The next figure depicts in the case $n=10$ an inscribed circle of radius $\approx 0.45$. It is tangent to $y=x^n$ at $x=0.9$ and $c(0.9)\approx 0.46$. Note that the radius of an inscribed circle is at most $0.5$ so the situation below is nearly optimal.

It seems to me that, for large $n$, there is a unique largest inscribed circle, which has four points of tangencies with the graphs and as $n\to \infty$ its radius converges to $0.5$, the radius of the circle inscribed in the square $[0,1]\times [0,1]$.
Remark 3. . Recall that the map $x\mapsto c(x)$ determines the location of the center tangent to $y=x^n$ at the point $(x,x^n)$. Its radius is $r(x)$. The plot of the $(c, r)$ curve $\newcommand{\bR}{\mathbb{R}}$
$$
[0,1]\ni x\mapsto \big(\; c(x), r(x)\;\big)\in\bR^2,
$$
is very revealing. Below we depict the case $n=10$.
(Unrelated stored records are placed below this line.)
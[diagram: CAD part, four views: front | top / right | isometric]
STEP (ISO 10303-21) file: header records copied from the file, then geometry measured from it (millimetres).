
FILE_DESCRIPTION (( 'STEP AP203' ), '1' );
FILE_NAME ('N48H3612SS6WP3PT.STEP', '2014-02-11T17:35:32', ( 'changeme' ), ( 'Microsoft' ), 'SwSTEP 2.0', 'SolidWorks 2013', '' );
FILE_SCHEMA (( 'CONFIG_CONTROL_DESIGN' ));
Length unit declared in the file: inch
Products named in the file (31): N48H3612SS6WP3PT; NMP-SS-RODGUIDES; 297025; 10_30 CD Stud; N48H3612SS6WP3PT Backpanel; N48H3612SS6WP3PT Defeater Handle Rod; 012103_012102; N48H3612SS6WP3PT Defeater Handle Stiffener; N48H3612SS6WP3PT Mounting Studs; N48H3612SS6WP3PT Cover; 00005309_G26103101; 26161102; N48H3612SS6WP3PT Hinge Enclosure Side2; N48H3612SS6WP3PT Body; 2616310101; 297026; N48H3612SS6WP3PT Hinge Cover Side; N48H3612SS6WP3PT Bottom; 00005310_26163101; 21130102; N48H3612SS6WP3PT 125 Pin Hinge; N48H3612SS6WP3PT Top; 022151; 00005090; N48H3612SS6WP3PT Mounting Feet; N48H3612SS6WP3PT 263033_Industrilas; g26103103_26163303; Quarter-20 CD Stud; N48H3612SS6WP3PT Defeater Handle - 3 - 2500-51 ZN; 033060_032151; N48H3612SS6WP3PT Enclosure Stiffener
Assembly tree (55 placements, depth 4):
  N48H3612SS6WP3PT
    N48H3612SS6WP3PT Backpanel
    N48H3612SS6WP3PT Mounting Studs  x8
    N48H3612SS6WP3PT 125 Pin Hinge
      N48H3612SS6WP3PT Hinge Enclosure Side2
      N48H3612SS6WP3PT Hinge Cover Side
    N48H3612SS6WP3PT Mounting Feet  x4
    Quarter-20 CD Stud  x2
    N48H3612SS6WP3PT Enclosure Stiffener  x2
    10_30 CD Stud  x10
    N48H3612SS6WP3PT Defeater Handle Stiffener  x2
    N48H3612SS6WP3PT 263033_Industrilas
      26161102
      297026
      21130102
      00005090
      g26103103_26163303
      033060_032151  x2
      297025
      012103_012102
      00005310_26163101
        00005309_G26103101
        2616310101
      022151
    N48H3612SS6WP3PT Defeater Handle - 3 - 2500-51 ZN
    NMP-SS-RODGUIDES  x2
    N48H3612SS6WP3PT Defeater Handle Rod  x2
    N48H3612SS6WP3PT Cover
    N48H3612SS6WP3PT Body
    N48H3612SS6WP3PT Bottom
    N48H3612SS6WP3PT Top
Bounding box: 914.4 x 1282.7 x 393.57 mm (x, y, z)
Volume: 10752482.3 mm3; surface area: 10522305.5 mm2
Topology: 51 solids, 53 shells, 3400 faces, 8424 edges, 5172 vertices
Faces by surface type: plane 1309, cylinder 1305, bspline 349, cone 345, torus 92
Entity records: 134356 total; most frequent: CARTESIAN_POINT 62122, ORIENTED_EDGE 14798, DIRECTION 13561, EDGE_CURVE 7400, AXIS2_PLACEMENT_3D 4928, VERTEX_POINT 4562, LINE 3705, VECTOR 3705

The location of the center is tracked on the horizontal axis. As the center moves along the diagonal from $(0,0)$ to $(1,1)$ we notice various "phase transitions" or bifurcations. Imagine a vertical line moving from left to right in the above figure and keep track of the number of points of intersection with the $(c,r)$ curve.
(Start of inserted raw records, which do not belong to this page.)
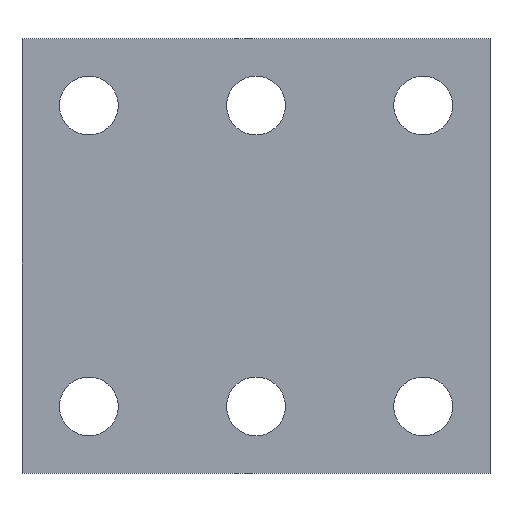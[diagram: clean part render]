
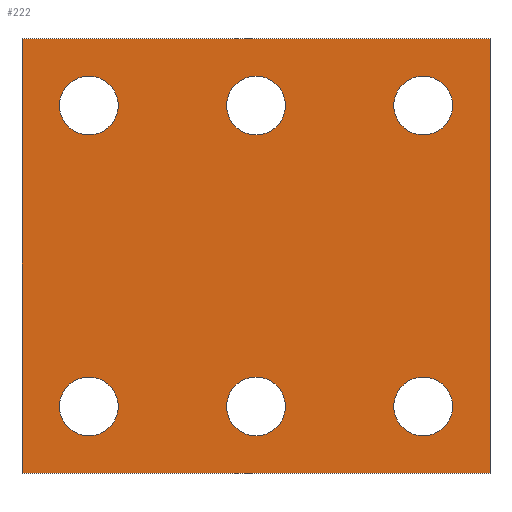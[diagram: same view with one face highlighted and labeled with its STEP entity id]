
A CAD part, top view. The second image highlights one B-rep face of the part: STEP entity #222.
In plain terms, the highlighted planar face has unit normal (0, 0, 1).
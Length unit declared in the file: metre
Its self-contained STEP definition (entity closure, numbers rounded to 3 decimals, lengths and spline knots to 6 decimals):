
#12=CIRCLE('',#241,0.005588);
#14=CIRCLE('',#244,0.005588);
#16=CIRCLE('',#247,0.005588);
#18=CIRCLE('',#250,0.005588);
#20=CIRCLE('',#253,0.005588);
#22=CIRCLE('',#256,0.005588);
#58=ORIENTED_EDGE('',*,*,#98,.F.);
#59=ORIENTED_EDGE('',*,*,#96,.F.);
#60=ORIENTED_EDGE('',*,*,#94,.F.);
#61=ORIENTED_EDGE('',*,*,#92,.F.);
#62=ORIENTED_EDGE('',*,*,#90,.F.);
#63=ORIENTED_EDGE('',*,*,#88,.F.);
#64=ORIENTED_EDGE('',*,*,#80,.F.);
#65=ORIENTED_EDGE('',*,*,#84,.T.);
#66=ORIENTED_EDGE('',*,*,#87,.T.);
#67=ORIENTED_EDGE('',*,*,#101,.F.);
#80=EDGE_CURVE('',#104,#105,#124,.T.);
#84=EDGE_CURVE('',#104,#107,#128,.T.);
#87=EDGE_CURVE('',#107,#109,#131,.T.);
#88=EDGE_CURVE('',#110,#110,#12,.T.);
#90=EDGE_CURVE('',#112,#112,#14,.T.);
#92=EDGE_CURVE('',#114,#114,#16,.T.);
#94=EDGE_CURVE('',#116,#116,#18,.T.);
#96=EDGE_CURVE('',#118,#118,#20,.T.);
#98=EDGE_CURVE('',#120,#120,#22,.T.);
#101=EDGE_CURVE('',#105,#109,#133,.T.);
#104=VERTEX_POINT('',#329);
#105=VERTEX_POINT('',#331);
#107=VERTEX_POINT('',#337);
#109=VERTEX_POINT('',#343);
#110=VERTEX_POINT('',#347);
#112=VERTEX_POINT('',#352);
#114=VERTEX_POINT('',#357);
#116=VERTEX_POINT('',#362);
#118=VERTEX_POINT('',#367);
#120=VERTEX_POINT('',#372);
#124=LINE('',#330,#136);
#128=LINE('',#338,#140);
#131=LINE('',#344,#143);
#133=LINE('',#377,#145);
#136=VECTOR('',#267,1.);
#140=VECTOR('',#273,1.);
#143=VECTOR('',#278,1.);
#145=VECTOR('',#318,1.);
#162=EDGE_LOOP('',(#58));
#163=EDGE_LOOP('',(#59));
#164=EDGE_LOOP('',(#60));
#165=EDGE_LOOP('',(#61));
#166=EDGE_LOOP('',(#62));
#167=EDGE_LOOP('',(#63));
#168=EDGE_LOOP('',(#64,#65,#66,#67));
#192=FACE_BOUND('',#162,.T.);
#193=FACE_BOUND('',#163,.T.);
#194=FACE_BOUND('',#164,.T.);
#195=FACE_BOUND('',#165,.T.);
#196=FACE_BOUND('',#166,.T.);
#197=FACE_BOUND('',#167,.T.);
#198=FACE_BOUND('',#168,.T.);
#210=PLANE('',#259);
#222=ADVANCED_FACE('',(#192,#193,#194,#195,#196,#197,#198),#210,.T.);
#241=AXIS2_PLACEMENT_3D('',#346,#281,#282);
#244=AXIS2_PLACEMENT_3D('',#351,#287,#288);
#247=AXIS2_PLACEMENT_3D('',#356,#293,#294);
#250=AXIS2_PLACEMENT_3D('',#361,#299,#300);
#253=AXIS2_PLACEMENT_3D('',#366,#305,#306);
#256=AXIS2_PLACEMENT_3D('',#371,#311,#312);
#259=AXIS2_PLACEMENT_3D('',#378,#319,#320);
#267=DIRECTION('',(-1.,0.,0.));
#273=DIRECTION('',(0.,1.,0.));
#278=DIRECTION('',(-1.,0.,0.));
#281=DIRECTION('',(0.,0.,1.));
#282=DIRECTION('',(1.,0.,0.));
#287=DIRECTION('',(0.,0.,1.));
#288=DIRECTION('',(1.,0.,0.));
#293=DIRECTION('',(0.,0.,1.));
#294=DIRECTION('',(1.,0.,0.));
#299=DIRECTION('',(0.,0.,1.));
#300=DIRECTION('',(1.,0.,0.));
#305=DIRECTION('',(0.,0.,1.));
#306=DIRECTION('',(1.,0.,0.));
#311=DIRECTION('',(0.,0.,1.));
#312=DIRECTION('',(1.,0.,0.));
#318=DIRECTION('',(0.,1.,0.));
#319=DIRECTION('',(0.,0.,1.));
#320=DIRECTION('',(1.,0.,0.));
#329=CARTESIAN_POINT('',(0.04445,-0.041275,0.0022));
#330=CARTESIAN_POINT('',(0.,-0.041275,0.0022));
#331=CARTESIAN_POINT('',(-0.04445,-0.041275,0.0022));
#337=CARTESIAN_POINT('',(0.04445,0.041275,0.0022));
#338=CARTESIAN_POINT('',(0.04445,0.,0.0022));
#343=CARTESIAN_POINT('',(-0.04445,0.041275,0.0022));
#344=CARTESIAN_POINT('',(0.,0.041275,0.0022));
#346=CARTESIAN_POINT('',(0.,0.028575,0.0022));
#347=CARTESIAN_POINT('',(0.005588,0.028575,0.0022));
#351=CARTESIAN_POINT('',(0.,-0.028575,0.0022));
#352=CARTESIAN_POINT('',(0.005588,-0.028575,0.0022));
#356=CARTESIAN_POINT('',(0.03175,-0.028575,0.0022));
#357=CARTESIAN_POINT('',(0.037338,-0.028575,0.0022));
#361=CARTESIAN_POINT('',(-0.03175,-0.028575,0.0022));
#362=CARTESIAN_POINT('',(-0.026162,-0.028575,0.0022));
#366=CARTESIAN_POINT('',(-0.03175,0.028575,0.0022));
#367=CARTESIAN_POINT('',(-0.026162,0.028575,0.0022));
#371=CARTESIAN_POINT('',(0.03175,0.028575,0.0022));
#372=CARTESIAN_POINT('',(0.037338,0.028575,0.0022));
#377=CARTESIAN_POINT('',(-0.04445,0.,0.0022));
#378=CARTESIAN_POINT('',(0.,0.,0.0022));

Depending on the location of the center, there are typically, either one, or three circles tangent to $y=x^n$. To detect $r_{\max}$ we need to keep track of the smallest of these circles. In the above plot this means looking only at the bottom triangle of the $(c,r)$-curve. The altitude of the top vertex of this triangle is $r_\max$.
In any case, the above figure suggests that the function
$$
y\mapsto \min_{x\in[0,1]} F_n(x,y)
$$
is rather regular.
There exist numbers $y_{\min}<y_{\max}$ in $(0,1)$ so that for $y\in[0,1]\setminus [y_{\min},y_{\max}]$ there exists only one circle centered at $(y,y)$ and tangent to the boundary of the region. $\newcommand{\pa}{\partial}$
As $y$ crosses $y_{\min}$ increasingly the equation
$$
\pa_x F_n(x,y)=0
$$
undergoes a qualitative change: it goes from having one solution to having three solutions. It is a "birth" process.
As $y$ crosses $y_{\max}$ increasingly, the above equation goes from having three solutions to having one solution. It is a "death" process.
The points $y_{\min}$ and $y_{\max}$ are determined by solving the nonlinear system
$$
\pa_x F_n(x,y)=\pa^2_{xx}F_n(x,y)=0,
$$
i.e.,
$$
nx^{2n-1}-nx^{n-1}y+x-y=0,\;\;n(2n-1)x^{2n-2}+n(n-1)x^{n-2}y+1=0.
$$
I believe that for $n$ large this system has three solutions
$$
(x_{\min},y_{\min}),\;\;(x_*,y_*),\;\;(x_{\max},y_{\max}),
$$
$$
y_{\min}<y_*<y_{\max}.
$$
The center of the larges inscribed circle is located $(y_*,y_*)$ and its radius is
$$
r_{\max}=r(x_*).
$$
The number of solutions of the system is the number of roots in $(0,1)$ of the equation
$$
(2n-1)x^{2n-2}+(n-1)x^{n-2}c(x)+\frac{1}{n}=0.
$$
This reduces to a polynomial equation. Theoretically, the number of solutions of a real polynomial equation in a given interval can be determined using the classical Sturm theorem.